Work task:
Begin at the line below that has "57.285L2.328 72.661C-0.117 74.641" and stop after the line that has "57.285L19.867 58.632C20.131 58.949". Please restate only those lines, word for word.

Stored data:
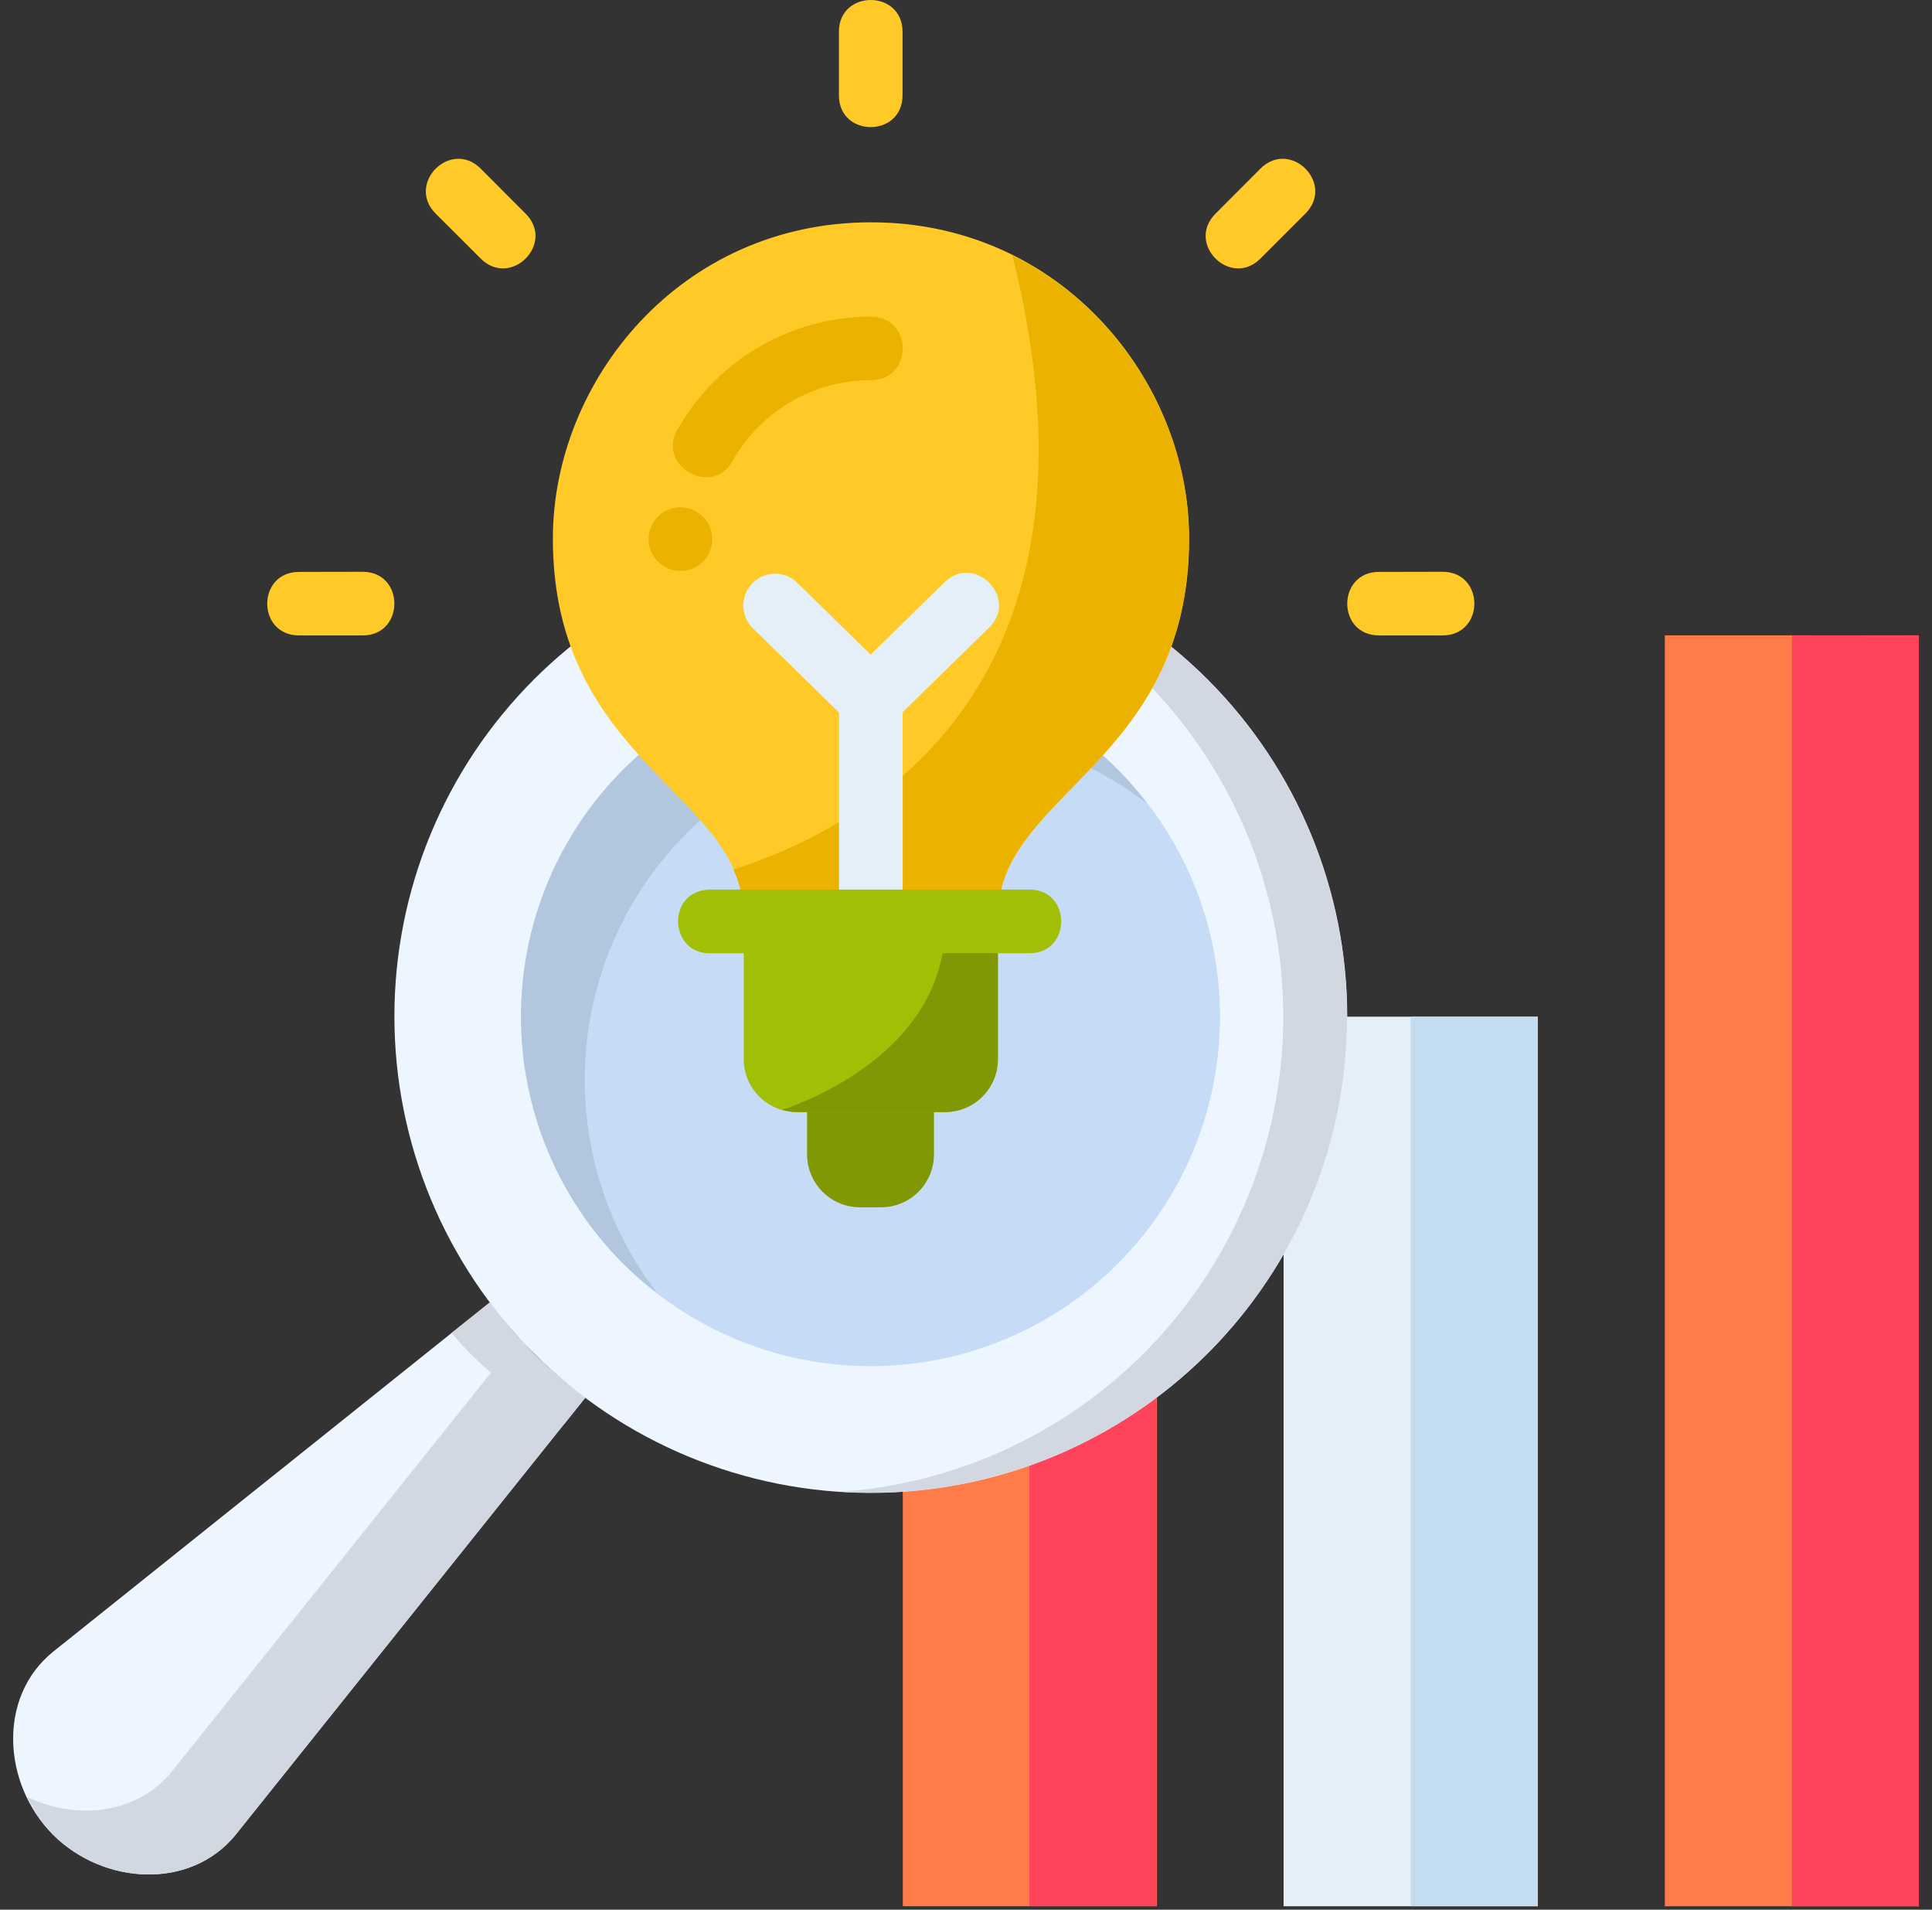 <svg width="85" height="84" viewBox="0 0 85 84" fill="none" xmlns="http://www.w3.org/2000/svg">
<rect x="0" y="0" width="85" height="84" fill="#333333" stroke="none"/>
<path d="M39.708 1.398C39.708 -0.466 36.909 -0.466 36.909 1.398V4.192C36.909 6.057 39.708 6.057 39.708 4.192V1.398ZM60.672 25.156C58.807 25.156 58.807 27.95 60.672 27.95H63.466C65.331 27.95 65.331 25.151 63.466 25.151L60.672 25.156ZM13.156 25.156C11.292 25.156 11.292 27.95 13.156 27.95H15.956C17.815 27.95 17.815 25.151 15.956 25.151L13.156 25.156Z" fill="#FFCA28"/>
<path d="M39.719 61.484H50.901V83.848H39.719V61.484Z" fill="#FF7B4A"/>
<path d="M45.289 61.484V83.848H50.883V61.49L45.289 61.484Z" fill="#FF435B"/>
<path d="M56.473 44.721H67.654V83.849H56.473V44.721Z" fill="#E4EFF8"/>
<path d="M62.062 44.721V83.849H67.656V44.721H62.062Z" fill="#C4DCF0"/>
<path d="M73.246 27.946H84.422V83.85H73.246V27.946Z" fill="#FF7B4A"/>
<path d="M78.836 27.946V83.85H84.424V27.952L78.836 27.946Z" fill="#FF435B"/>
<path d="M21.554 57.285L2.328 72.661C-0.117 74.641 0.11 78.471 2.328 80.7C4.557 82.923 8.386 83.145 10.367 80.7L25.748 61.474C24.948 60.884 24.191 60.238 23.482 59.541C22.787 58.835 22.143 58.081 21.554 57.285Z" fill="#EDF5FF"/>
<path d="M21.557 57.285L19.867 58.632C20.131 58.949 20.411 59.25 20.691 59.541C21.917 60.755 23.29 61.817 24.774 62.699L25.751 61.479C24.951 60.887 24.194 60.24 23.485 59.541C22.79 58.835 22.146 58.081 21.557 57.285Z" fill="#D1D8E1"/>
<path d="M22.846 58.822L7.581 77.9C6.028 79.818 3.356 80.076 1.195 79.041C1.486 79.643 1.856 80.214 2.336 80.7C4.565 82.923 8.395 83.145 10.375 80.7L25.745 61.484C24.947 60.893 24.192 60.245 23.485 59.546C23.266 59.31 23.053 59.068 22.846 58.822Z" fill="#D1D8E1"/>
<path d="M53.133 59.528C51.186 61.474 48.876 63.018 46.333 64.072C43.79 65.125 41.064 65.667 38.312 65.667C35.559 65.667 32.834 65.125 30.291 64.072C27.747 63.018 25.437 61.474 23.491 59.528C21.544 57.582 20 55.271 18.947 52.728C17.894 50.185 17.352 47.46 17.352 44.707C17.352 41.955 17.894 39.229 18.947 36.686C20 34.143 21.544 31.833 23.491 29.886C27.422 25.956 32.754 23.748 38.313 23.748C43.873 23.748 49.204 25.957 53.135 29.889C57.066 33.82 59.274 39.152 59.273 44.712C59.273 50.271 57.064 55.597 53.133 59.528Z" fill="#EDF5FF"/>
<path d="M38.61 23.759C38.008 23.759 37.405 23.775 36.809 23.822C41.905 24.133 46.713 26.293 50.33 29.896C53.168 32.739 55.129 36.336 55.981 40.261C56.834 44.186 56.54 48.273 55.136 52.036C53.733 55.799 51.277 59.079 48.063 61.487C44.848 63.895 41.01 65.329 37.004 65.618C39.968 65.804 42.938 65.359 45.717 64.312C48.496 63.265 51.021 61.64 53.124 59.544C56.037 56.63 58.028 52.923 58.846 48.886C59.665 44.848 59.275 40.658 57.727 36.841C56.178 33.023 53.539 29.746 50.139 27.419C46.739 25.093 42.729 23.82 38.61 23.759Z" fill="#D1D8E1"/>
<path d="M49.175 55.588C47.748 57.016 46.053 58.149 44.187 58.922C42.321 59.695 40.322 60.093 38.302 60.093C34.223 60.094 30.312 58.474 27.427 55.591C24.543 52.707 22.922 48.796 22.922 44.717C22.921 40.639 24.541 36.727 27.425 33.843C30.308 30.959 34.219 29.339 38.297 29.339C42.376 29.339 46.287 30.959 49.17 33.843C52.054 36.726 53.674 40.637 53.674 44.715C53.674 48.793 52.059 52.704 49.175 55.588Z" fill="#C6DBF5"/>
<path d="M38.525 29.34C35.465 29.296 32.461 30.166 29.898 31.838C27.335 33.511 25.329 35.91 24.137 38.728C22.945 41.547 22.62 44.657 23.206 47.661C23.791 50.665 25.259 53.426 27.423 55.591C27.893 56.056 28.389 56.489 28.917 56.885C26.641 53.928 25.517 50.243 25.756 46.518C25.995 42.793 27.581 39.282 30.217 36.64C32.861 34.001 36.376 32.415 40.105 32.178C43.833 31.941 47.52 33.069 50.478 35.351C50.076 34.822 49.64 34.319 49.173 33.846C46.345 31.016 42.525 29.4 38.525 29.34Z" fill="#B2C6DE"/>
<path d="M41.091 47.517V50.765C41.092 51.071 41.033 51.375 40.917 51.658C40.801 51.942 40.63 52.2 40.414 52.417C40.198 52.634 39.942 52.807 39.659 52.925C39.376 53.043 39.073 53.104 38.767 53.105H37.832C37.526 53.104 37.222 53.043 36.94 52.925C36.657 52.807 36.4 52.634 36.184 52.417C35.969 52.2 35.798 51.942 35.682 51.658C35.566 51.375 35.506 51.071 35.508 50.765V47.517H41.091Z" fill="#809804"/>
<path d="M43.92 40.25C43.92 34.932 52.318 33.532 52.318 23.692C52.318 16.762 46.719 9.779 38.321 9.779C29.923 9.779 24.324 16.762 24.324 23.692C24.324 33.532 32.722 34.932 32.722 40.25H43.92Z" fill="#FFCA28"/>
<path d="M43.904 39.584V46.572C43.907 46.879 43.848 47.183 43.732 47.467C43.616 47.751 43.446 48.009 43.23 48.227C43.014 48.445 42.757 48.618 42.474 48.737C42.191 48.855 41.887 48.916 41.58 48.917H35.052C34.745 48.917 34.441 48.856 34.157 48.738C33.873 48.62 33.616 48.447 33.399 48.229C33.183 48.011 33.012 47.753 32.895 47.468C32.779 47.184 32.721 46.879 32.723 46.572V39.584H43.904Z" fill="#A0BF05"/>
<path d="M41.522 39.584C42.325 45.854 35.728 48.378 34.418 48.817C34.619 48.87 34.83 48.917 35.052 48.917H41.57C41.877 48.918 42.182 48.858 42.466 48.74C42.751 48.622 43.009 48.449 43.226 48.231C43.443 48.013 43.614 47.754 43.731 47.469C43.847 47.185 43.906 46.88 43.904 46.572V39.584H41.522Z" fill="#809804"/>
<path d="M44.545 11.241C49.261 30.081 38.354 36.293 32.27 38.247C32.544 38.865 32.713 39.514 32.713 40.243H43.911C43.911 34.93 52.309 33.535 52.309 23.69C52.309 18.672 49.356 13.633 44.545 11.235V11.241Z" fill="#ECB200"/>
<path d="M31.16 39.135C29.301 39.23 29.444 42.024 31.308 41.929H45.289C47.154 41.929 47.154 39.13 45.289 39.13H31.16V39.135Z" fill="#A0BF05"/>
<path d="M34.078 25.234C33.801 25.239 33.531 25.326 33.303 25.485C33.075 25.644 32.899 25.867 32.799 26.126C32.698 26.384 32.676 26.668 32.737 26.939C32.797 27.21 32.937 27.457 33.138 27.648L37.327 31.747C37.871 32.275 38.732 32.275 39.281 31.747L43.475 27.648C44.885 26.349 42.862 24.268 41.521 25.646L38.304 28.794L35.087 25.646C34.955 25.514 34.798 25.409 34.625 25.338C34.451 25.267 34.266 25.232 34.078 25.234Z" fill="#E4EFF8"/>
<path d="M36.914 30.928V39.13H39.714V30.928H36.914Z" fill="#E4EFF8"/>
<path d="M38.317 13.928C34.831 13.928 31.599 15.792 29.85 18.819C28.789 20.456 31.366 21.956 32.264 20.218C33.516 18.053 35.819 16.722 38.317 16.722C40.182 16.722 40.182 13.928 38.317 13.928ZM31.334 23.715C31.334 24.086 31.187 24.442 30.925 24.705C30.662 24.967 30.306 25.115 29.935 25.115C29.564 25.115 29.208 24.967 28.945 24.705C28.683 24.442 28.535 24.086 28.535 23.715C28.535 23.344 28.683 22.988 28.945 22.725C29.208 22.463 29.564 22.315 29.935 22.315C30.306 22.315 30.662 22.463 30.925 22.725C31.187 22.988 31.334 23.344 31.334 23.715Z" fill="#ECB200"/>
<path d="M57.43 9.397C58.75 8.077 56.775 6.102 55.454 7.417L53.479 9.397C52.158 10.718 54.139 12.688 55.454 11.373L57.43 9.397ZM19.168 9.397C17.852 8.077 19.828 6.102 21.148 7.417L23.124 9.397C24.444 10.718 22.464 12.688 21.148 11.373L19.168 9.397Z" fill="#FFCA28"/>
</svg>

Response:
<path d="M21.554 57.285L2.328 72.661C-0.117 74.641 0.11 78.471 2.328 80.7C4.557 82.923 8.386 83.145 10.367 80.7L25.748 61.474C24.948 60.884 24.191 60.238 23.482 59.541C22.787 58.835 22.143 58.081 21.554 57.285Z" fill="#EDF5FF"/>
<path d="M21.557 57.285L19.867 58.632C20.131 58.949 20.411 59.25 20.691 59.541C21.917 60.755 23.29 61.817 24.774 62.699L25.751 61.479C24.951 60.887 24.194 60.24 23.485 59.541C22.79 58.835 22.146 58.081 21.557 57.285Z" fill="#D1D8E1"/>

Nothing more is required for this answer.